Cet album, pas vraiment best of, pas vraiment album original non plus est idéal pour partir à la redécouverte d'un des plus grands poètes de la chanson française. Redécouverte tant il est vrai que Serge Lama a depuis trop longtemps été mis de côté, ne bénéficiant pas d'un amour des plus jeunes comme peuvent en connaître Brassens ou Brel, tout ça parce-qu'il n'est pas sur la fameuse photo... Sauf bien sûr s'il doit s'agir d'un amour post-mortem. La Balade Du Poète constitue alors un formidable « rappel à l'ordre », mélangeant sans complexe des morceaux live et des réorchestrations à quelques nouvelles chansons dont certaines ont été écrites à l'âge de dix ans.

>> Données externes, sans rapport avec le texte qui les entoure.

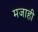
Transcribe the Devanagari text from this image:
मजाही
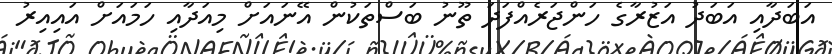
އަބަދާއި އަބަދު އަޒުރާގެ ހަންޖަރެއްފަދަ ތޫނު ބަސްތަކުން އޭނައަށް މިއަދާއި ހަމައަށް އައިއިރު
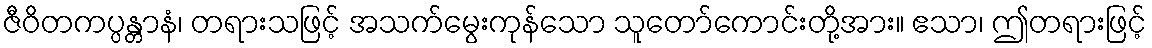
ဇီဝိတကပ္ပန္တာနံ၊ တရားသဖြင့် အသက်မွေးကုန်သော သူတော်ကောင်းတို့အား။ ဧသာ၊ ဤတရားဖြင့်
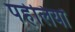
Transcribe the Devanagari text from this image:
पहेलियॉंँ
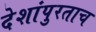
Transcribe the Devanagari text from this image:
देशांपुरताच
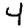
Digit: 4
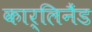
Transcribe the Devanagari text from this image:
कार्लिनैंड
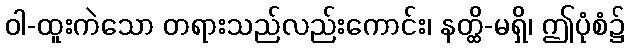
ဝါ-ထူးကဲသော တရားသည်လည်းကောင်း၊ နတ္ထိ-မရှိ၊ ဤပုံစံ၌
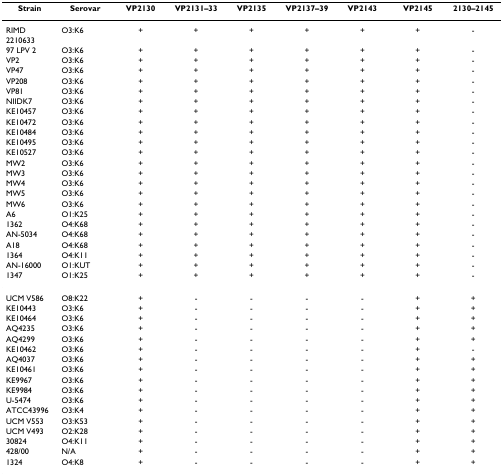
<table><thead><tr><td><b>Strain</b></td><td><b>Serovar</b></td><td><b>VP2130</b></td><td><b>VP2131–33</b></td><td><b>VP2135</b></td><td><b>VP2137–39</b></td><td><b>VP2143</b></td><td><b>VP2145</b></td><td><b>2130–2145</b></td></tr></thead><tbody><tr><td>RIMD 2210633</td><td>O3:K6</td><td>+</td><td>+</td><td>+</td><td>+</td><td>+</td><td>+</td><td>-</td></tr><tr><td>97 LPV 2</td><td>O3:K6</td><td>+</td><td>+</td><td>+</td><td>+</td><td>+</td><td>+</td><td>-</td></tr><tr><td>VP2</td><td>O3:K6</td><td>+</td><td>+</td><td>+</td><td>+</td><td>+</td><td>+</td><td>-</td></tr><tr><td>VP47</td><td>O3:K6</td><td>+</td><td>+</td><td>+</td><td>+</td><td>+</td><td>+</td><td>-</td></tr><tr><td>VP208</td><td>O3:K6</td><td>+</td><td>+</td><td>+</td><td>+</td><td>+</td><td>+</td><td>-</td></tr><tr><td>VP81</td><td>O3:K6</td><td>+</td><td>+</td><td>+</td><td>+</td><td>+</td><td>+</td><td>-</td></tr><tr><td>NIIDK7</td><td>O3:K6</td><td>+</td><td>+</td><td>+</td><td>+</td><td>+</td><td>+</td><td>-</td></tr><tr><td>KE10457</td><td>O3:K6</td><td>+</td><td>+</td><td>+</td><td>+</td><td>+</td><td>+</td><td>-</td></tr><tr><td>KE10472</td><td>O3:K6</td><td>+</td><td>+</td><td>+</td><td>+</td><td>+</td><td>+</td><td>-</td></tr><tr><td>KE10484</td><td>O3:K6</td><td>+</td><td>+</td><td>+</td><td>+</td><td>+</td><td>+</td><td>-</td></tr><tr><td>KE10495</td><td>O3:K6</td><td>+</td><td>+</td><td>+</td><td>+</td><td>+</td><td>+</td><td>-</td></tr><tr><td>KE10527</td><td>O3:K6</td><td>+</td><td>+</td><td>+</td><td>+</td><td>+</td><td>+</td><td>-</td></tr><tr><td>MW2</td><td>O3:K6</td><td>+</td><td>+</td><td>+</td><td>+</td><td>+</td><td>+</td><td>-</td></tr><tr><td>MW3</td><td>O3:K6</td><td>+</td><td>+</td><td>+</td><td>+</td><td>+</td><td>+</td><td>-</td></tr><tr><td>MW4</td><td>O3:K6</td><td>+</td><td>+</td><td>+</td><td>+</td><td>+</td><td>+</td><td>-</td></tr><tr><td>MW5</td><td>O3:K6</td><td>+</td><td>+</td><td>+</td><td>+</td><td>+</td><td>+</td><td>-</td></tr><tr><td>MW6</td><td>O3:K6</td><td>+</td><td>+</td><td>+</td><td>+</td><td>+</td><td>+</td><td>-</td></tr><tr><td>A6</td><td>O1:K25</td><td>+</td><td>+</td><td>+</td><td>+</td><td>+</td><td>+</td><td>-</td></tr><tr><td>1362</td><td>O4:K68</td><td>+</td><td>+</td><td>+</td><td>+</td><td>+</td><td>+</td><td>-</td></tr><tr><td>AN-5034</td><td>O4:K68</td><td>+</td><td>+</td><td>+</td><td>+</td><td>+</td><td>+</td><td>-</td></tr><tr><td>A18</td><td>O4:K68</td><td>+</td><td>+</td><td>+</td><td>+</td><td>+</td><td>+</td><td>-</td></tr><tr><td>1364</td><td>O4:K11</td><td>+</td><td>+</td><td>+</td><td>+</td><td>+</td><td>+</td><td>-</td></tr><tr><td>AN-16000</td><td>O1:KUT</td><td>+</td><td>+</td><td>+</td><td>+</td><td>+</td><td>+</td><td>-</td></tr><tr><td>1347</td><td>O1:K25</td><td>+</td><td>+</td><td>+</td><td>+</td><td>+</td><td>+</td><td>-</td></tr><tr><td>UCM V586</td><td>O8:K22</td><td>+</td><td>-</td><td>-</td><td>-</td><td>-</td><td>+</td><td>+</td></tr><tr><td>KE10443</td><td>O3:K6</td><td>+</td><td>-</td><td>-</td><td>-</td><td>-</td><td>+</td><td>+</td></tr><tr><td>KE10464</td><td>O3:K6</td><td>+</td><td>-</td><td>-</td><td>-</td><td>-</td><td>+</td><td>+</td></tr><tr><td>AQ4235</td><td>O3:K6</td><td>+</td><td>-</td><td>-</td><td>-</td><td>-</td><td>+</td><td>+</td></tr><tr><td>AQ4299</td><td>O3:K6</td><td>+</td><td>-</td><td>-</td><td>-</td><td>-</td><td>+</td><td>+</td></tr><tr><td>KE10462</td><td>O3:K6</td><td>+</td><td>-</td><td>-</td><td>-</td><td>-</td><td>+</td><td>-</td></tr><tr><td>AQ4037</td><td>O3:K6</td><td>+</td><td>-</td><td>-</td><td>-</td><td>-</td><td>+</td><td>+</td></tr><tr><td>KE10461</td><td>O3:K6</td><td>+</td><td>-</td><td>-</td><td>-</td><td>-</td><td>+</td><td>+</td></tr><tr><td>KE9967</td><td>O3:K6</td><td>+</td><td>-</td><td>-</td><td>-</td><td>-</td><td>+</td><td>+</td></tr><tr><td>KE9984</td><td>O3:K6</td><td>+</td><td>-</td><td>-</td><td>-</td><td>-</td><td>+</td><td>+</td></tr><tr><td>U-5474</td><td>O3:K6</td><td>+</td><td>-</td><td>-</td><td>-</td><td>-</td><td>+</td><td>+</td></tr><tr><td>ATCC43996</td><td>O3:K4</td><td>+</td><td>-</td><td>-</td><td>-</td><td>-</td><td>+</td><td>+</td></tr><tr><td>UCM V553</td><td>O3:K53</td><td>+</td><td>-</td><td>-</td><td>-</td><td>-</td><td>+</td><td>+</td></tr><tr><td>UCM V493</td><td>O2:K28</td><td>+</td><td>-</td><td>-</td><td>-</td><td>-</td><td>+</td><td>+</td></tr><tr><td>30824</td><td>O4:K11</td><td>+</td><td>-</td><td>-</td><td>-</td><td>-</td><td>+</td><td>+</td></tr><tr><td>428/00</td><td>N/A</td><td>+</td><td>-</td><td>-</td><td>-</td><td>-</td><td>+</td><td>+</td></tr><tr><td>1324</td><td>O4:K8</td><td>+</td><td>-</td><td>-</td><td>-</td><td>-</td><td>+</td><td>+</td></tr></tbody></table>
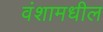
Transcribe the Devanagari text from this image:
वंशामधील
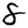
Digit: 8
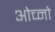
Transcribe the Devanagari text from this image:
ओच्नो
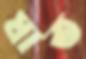
ঘাত
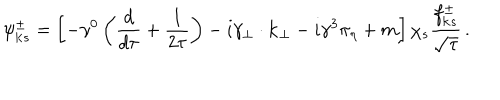
\psi _ { { \bf k } s } ^ { \pm } = \left[ - \gamma ^ { 0 } \left( { \frac { d } { d \tau } } + { \frac { 1 } { 2 \tau } } \right) - i \gamma _ { \bf { { \perp } } } \cdot { \bf { k _ { \perp } } } - i \gamma ^ { 3 } \pi _ { \eta } + m \right] \chi _ { s } { \frac { f _ { { \bf k } s } ^ { \pm } } { \sqrt \tau } } \, .
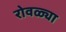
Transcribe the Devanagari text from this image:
रोवळ्या
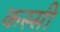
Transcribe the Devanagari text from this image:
कस्सी
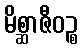
မိစ္ဆာဇီဝဉ္စ
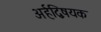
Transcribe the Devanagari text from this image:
अर्हद्विषयक
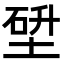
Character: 𡎂
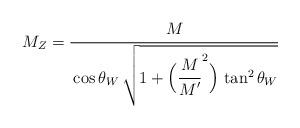
LaTeX: \begin{align*}M_Z=\frac{\strut\displaystyle M}{\strut\displaystyle\cos\theta_W\,\sqrt{1+\Bigl(\frac{\strut\displaystyle M}{\strut\displaystyle M^\prime}^2\Bigr)\,\tan^2\theta_W}}\end{align*}
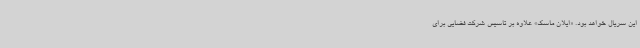
این سریال خواهد بود. «ایلان ماسک» علاوه بر تاسیس شرکت فضایی برای
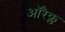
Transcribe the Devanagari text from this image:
ऑरैक्ल
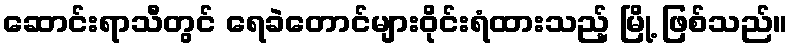
ဆောင်းရာသီတွင် ရေခဲတောင်များဝိုင်းရံထားသည့် မြို့ ဖြစ်သည်။
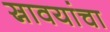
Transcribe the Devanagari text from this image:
स्रावयांचा
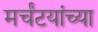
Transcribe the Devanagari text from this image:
मर्चंटयांच्या
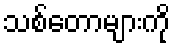
သစ်တောများကို
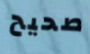
صحيح
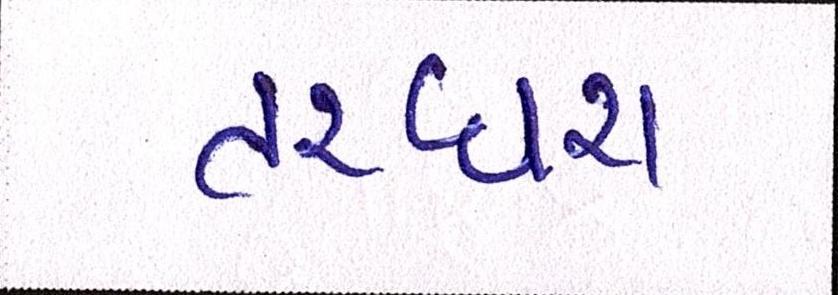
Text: તરઘરા
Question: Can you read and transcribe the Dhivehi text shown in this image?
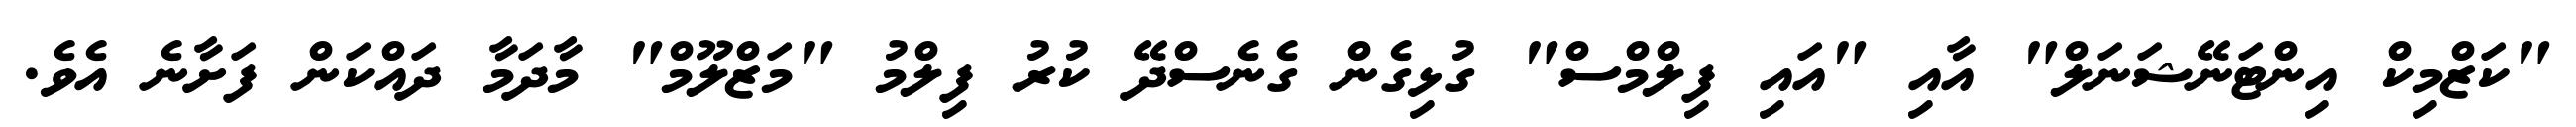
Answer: "ކަޒްމިކް އިންޓަނޭޝަނަލް" އާއި "އައި ފިލްމްސް" ގުޅިގެން ގެނެސްދޭ ކުރު ފިލްމު "މަޒްލޫމް" މާދަމާ ދައްކަން ފަށާނެ އެވެ.
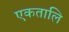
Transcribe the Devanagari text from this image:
एकतालि
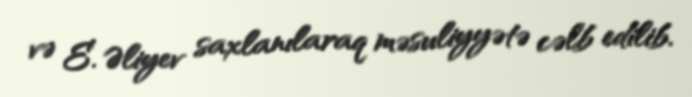
və E. Əliyev saxlanılaraq məsuliyyətə cəlb edilib.
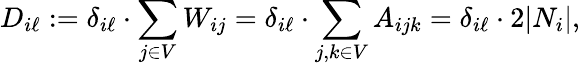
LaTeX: D_{i\ell}:=\delta_{i\ell}\cdot\sum_{j\in V}W_{ij}=\delta_{i\ell}\cdot\sum_{j,k\in V}A_{ijk}=\delta_{i\ell}\cdot 2|N_{i}|,
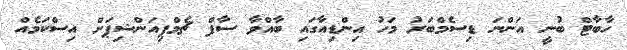
ހާބާޓް ބުނީ އަންނަ ޑިސެމްބަރު މަހު އިންޑިއާގައި ބާއްވާ ސާފް ޗެމްޕިއަންޝިޕަށް އިސްކަމެއް
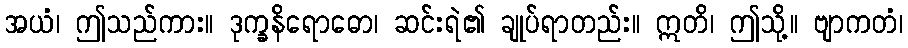
အယံ၊ ဤသည်ကား။ ဒုက္ခနိရောဓော၊ ဆင်းရဲ၏ ချုပ်ရာတည်း။ ဣတိ၊ ဤသို့။ ဗျာကတံ၊
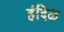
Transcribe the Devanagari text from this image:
हंदिळ
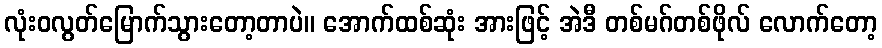
လုံးဝလွတ်မြောက်သွားတော့တာပဲ။ အောက်ထစ်ဆုံး အားဖြင့် အဲဒီ တစ်မဂ်တစ်ဖိုလ် လောက်တော့
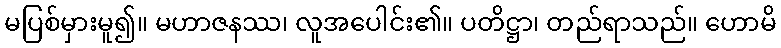
မပြစ်မှားမူ၍။ မဟာဇနဿ၊ လူအပေါင်း၏။ ပတိဋ္ဌာ၊ တည်ရာသည်။ ဟောမိ
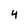
Character: 4
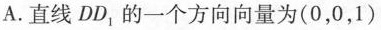
A.直线DD_{1}的一个方向向量为(0，0，1)
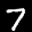
Label: 7
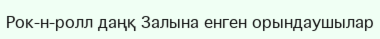
Рок-н-ролл даңқ Залына енген орындаушылар
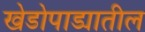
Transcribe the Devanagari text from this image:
खेडोपाड्यातील
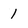
Character: 1
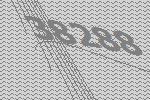
38288
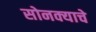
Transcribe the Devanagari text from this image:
सोनक्याचे
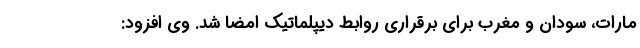
مارات، سودان و مغرب برای برقراری روابط دیپلماتیک امضا شد. وی افزود:
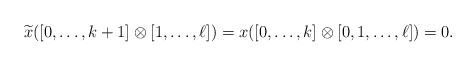
\begin{align*} \widetilde{x}([0,\ldots, k+1]\otimes [1,\ldots, \ell])= x([0,\ldots, k]\otimes [0,1,\ldots, \ell])=0. \end{align*}
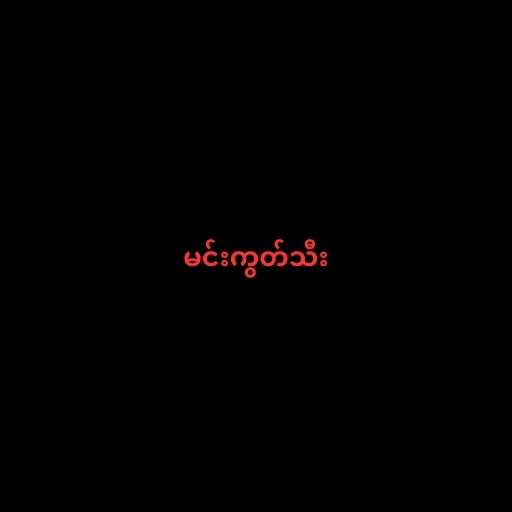
မင်းကွတ်သီး
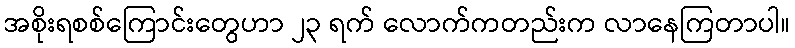
အစိုးရစစ်ကြောင်းတွေဟာ ၂၃ ရက် လောက်ကတည်းက လာနေကြတာပါ။
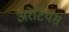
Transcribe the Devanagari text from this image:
अरेटियस
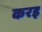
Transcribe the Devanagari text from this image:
करइ
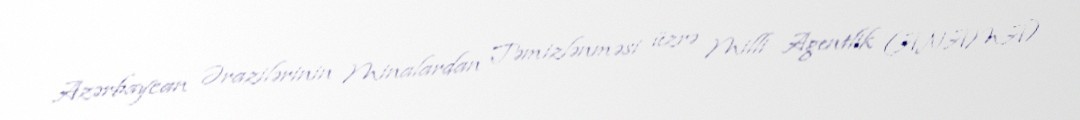
Azərbaycan Ərazilərinin Minalardan Təmizlənməsi üzrə Milli Agentlik (ANAMA)
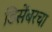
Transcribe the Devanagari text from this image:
डिसेंबरचा
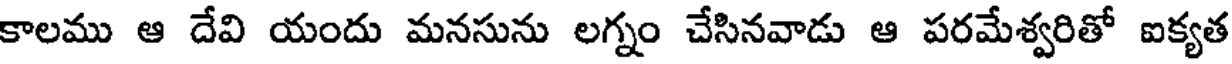
కాలము ఆ దేవి యందు మనసును లగ్నం చేసినవాడు ఆ పరమేశ్వరితో ఐక్యత
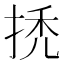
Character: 𢬳
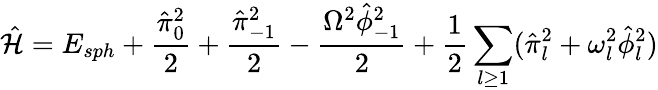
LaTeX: \hat{\cal H}=E_{sph}+{\frac{\hat{\pi}_{0}^{2}}{2}}+{\frac{\hat{\pi}_{-1}^{2}}{2}}-{\frac{\Omega^{2}\hat{\phi}_{-1}^{2}}{2}}+{\frac{1}{2}}\sum_{l\ge 1}(\hat{\pi}_{l}^{2}+\omega_{l}^{2}\hat{\phi}_{l}^{2})
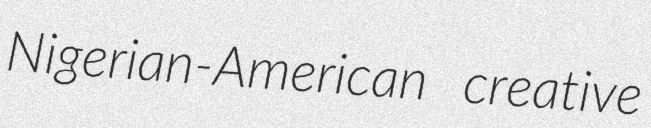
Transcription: Nigerian-American creative
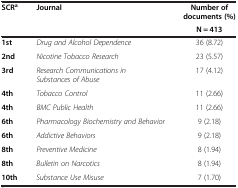
<table><thead><tr><td><b>SCR<sup>a</sup></b></td><td><b>Journal</b></td><td><b>Number of documents (%)</b></td></tr><tr><td><b> </b></td><td><b> </b></td><td><b>N = 413</b></td></tr></thead><tbody><tr><td><b>1st</b></td><td><i>Drug and Alcohol Dependence</i></td><td>36 (8.72)</td></tr><tr><td><b>2nd</b></td><td><i>Nicotine Tobacco Research</i></td><td>23 (5.57)</td></tr><tr><td><b>3rd</b></td><td><i>Research Communications in Substances of Abuse</i></td><td>17 (4.12)</td></tr><tr><td><b>4th</b></td><td><i>Tobacco Control</i></td><td>11 (2.66)</td></tr><tr><td><b>4th</b></td><td><i>BMC Public Health</i></td><td>11 (2.66)</td></tr><tr><td><b>6th</b></td><td><i>Pharmacology Biochemistry and Behavior</i></td><td>9 (2.18)</td></tr><tr><td><b>6th</b></td><td><i>Addictive Behaviors</i></td><td>9 (2.18)</td></tr><tr><td><b>8th</b></td><td><i>Preventive Medicine</i></td><td>8 (1.94)</td></tr><tr><td><b>8th</b></td><td><i>Bulletin on Narcotics</i></td><td>8 (1.94)</td></tr><tr><td><b>10th</b></td><td><i>Substance Use Misuse</i></td><td>7 (1.70)</td></tr></tbody></table>
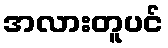
အလားတူပင်
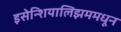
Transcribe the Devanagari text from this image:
इसेन्शियालिझममधून
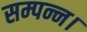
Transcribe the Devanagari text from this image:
सम्पन्न।
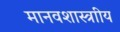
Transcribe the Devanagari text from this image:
मानवशास्त्राीय
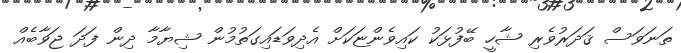
ތަނަވަސް ޤަދަރުވެރި ޝާހީ ބޭފުޅަކު ކައިވެންޏަކަށް އެދިވަޑައިގަތުމުން ޝިޔާމާ ދިން ފަދަ ޖަވާބެއް
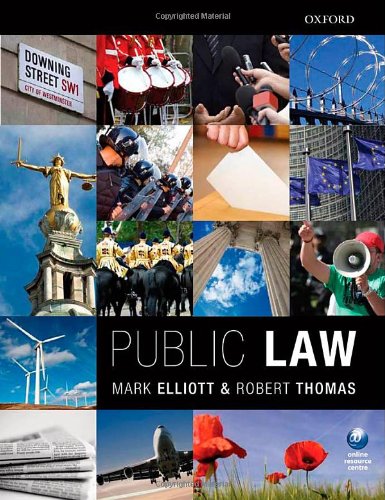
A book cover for Public Law; Mark Elliott; Law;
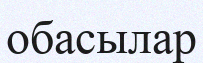
обасылар
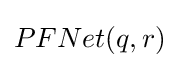
PFNet(q,r)
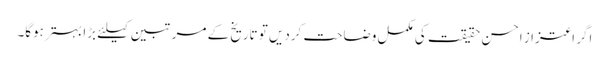
اگر اعتزاز احسن حقیقت کی مکمل وضاحت کردیں تو تاریخ کے مرتبین کیلئے بڑا بہتر ہوگا۔
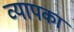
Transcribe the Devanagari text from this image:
व्यापका
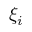
\xi _ { i }
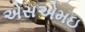
એસએમઇ
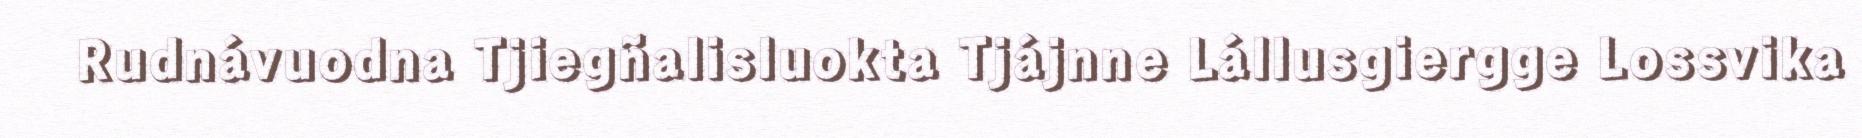
Rudnávuodna Tjiegñalisluokta Tjájnne Lállusgiergge Lossvika
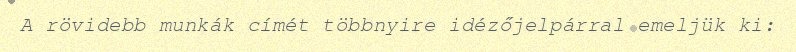
A rövidebb munkák címét többnyire idézőjelpárral emeljük ki:
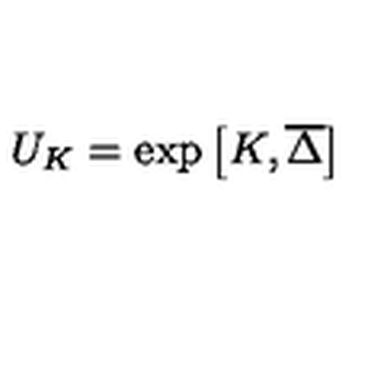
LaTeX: U _ { K } = \exp \left[ K , \overline { { \Delta } } \right]
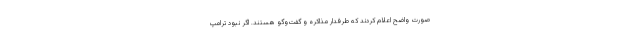
صورت واضح اعلام کردند که طرفدار مذاکره و گفت‌وگو هستند. اگر نبود ترامپ
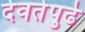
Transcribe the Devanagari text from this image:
देवतेपुढे
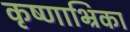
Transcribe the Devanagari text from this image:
कृष्णाभ्रिका
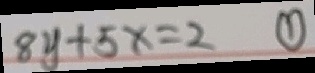
8 y + 5 x = 2 \textcircled { 1 }
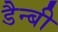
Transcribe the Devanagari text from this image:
डैन्बी
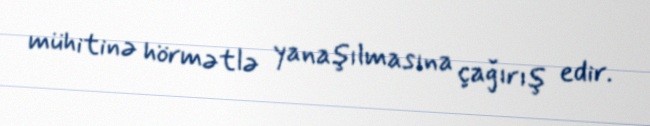
mühitinə hörmətlə yanaşılmasına çağırış edir.
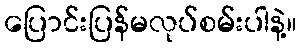
ပြောင်းပြန်မလုပ်စမ်းပါနဲ့။
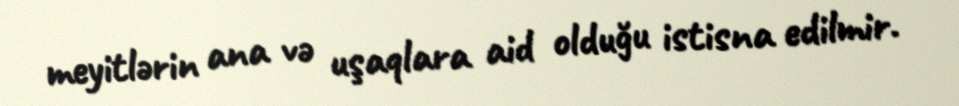
meyitlərin ana və uşaqlara aid olduğu istisna edilmir.
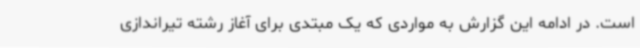
است. در ادامه این گزارش به مواردی که یک مبتدی برای آغاز رشته تیراندازی

Quel coffre, quelle voix, grave, si belle, nette et surtout, quelle articulation, quel bonheur de comprendre les paroles ! Elle ressort ici magnifiquement tant les arrangements, si l'on ne peut dire qu'il s'effacent (ils ne sont pas envahissants), arrivent à la mettre en valeur et nous font nous rendre compte qu'elle est à ranger à côté des plus grandes voix. On sent immédiatement les influences du chanteur que sont Piaf, Bécaud ou Brassens, elles ne sont pas d'aujourd'hui, mais Lama n'est pas pour autant pathétique, comme ont pu l'être certains chanteurs qui ont récemment tenté des retours en faisant « jeune », avec plus ou moins de réussite.
Lama n'a pas besoin de ça ni de personne, il a fait de splendides chansons et il le sait. Il lui suffit alors de quelques réarrangements pour nous dire : « Hé, vous pensez connaître ma musique ou plutôt, ne pas la connaître ? Alors écoutez ça et on en reparle ».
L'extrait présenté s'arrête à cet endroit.